Encore que... J'ai vu des beautés dans un paquet de lingettes ou de serviettes en papier. Juste ajuster son regard sur une lunette et tout est différent.
Hier, c'était du tout moche. Du tout vilain. Tout sentait la laideur du monde. Tout. TOUT.
Un homme en chemise ceintrée, la soixantaine, bien dans ses sandalettes défendait sa place à la caisse. Y tenait mordicus à sa place, son caddie plein à vomir ! Personne allait lui voler, non mais ! se battrait pour ça s'il le fallait, dénoncerait celui qu'il soupçonnait déjà de ruse, le collabo ! Tiens, le vieil arabe, là, par exemple avec ses deux baguettes de pain, songeait sûrement à lui prendre, sa place. Mais allait pas se laisser faire et refaire, pas si bête l'animal ! 
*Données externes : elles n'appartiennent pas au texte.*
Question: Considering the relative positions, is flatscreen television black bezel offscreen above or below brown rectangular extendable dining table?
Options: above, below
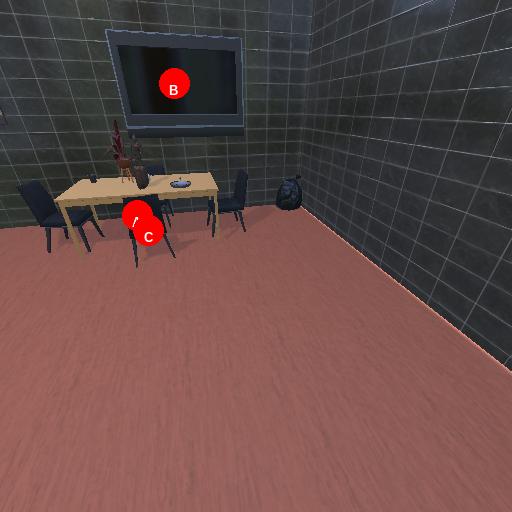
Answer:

Le vieil homme, le visage bas, me faisait des sourires dans la file. Je lui souriais aussi moi, histoire de se raconter l'attente, la touffeur de cette fin de journée pas top, la lourdeur d'un lieu sans poésie à s'inventer pour soi tout seul, vous voyez.
L'autre en chemise ceintrée, la soixante ajoutée d'une vingtaine de minutes, toujours plus à l'aise dans ses sandalettes à la noix, trouvait des façons de se regaillardir. Remontait les épaules et se haussait du col. Jetait de vilaines oeillades à l'arabe, et le tenait dans ses mirettes, se ferait pas avoir au cas où. Au cas où... Le voilà qui se met à vociférer
"Tu veux faire quoi, toi ? Hein ? Tu veux me passer devant, toi, hein ?"

Allez savoir, je ne sais pas tenir ma langue ! J'ai bredouillé que le tutoiement était insupportable, que ...  
Le vieil homme semblait ne rien comprendre à ce qu'il entendait. M'a regardé et m'a souri encore. Comprenait pas la langue. Moi non plus je ne la saisis pas tant j'ai honte parfois d'être dans la foule humaine.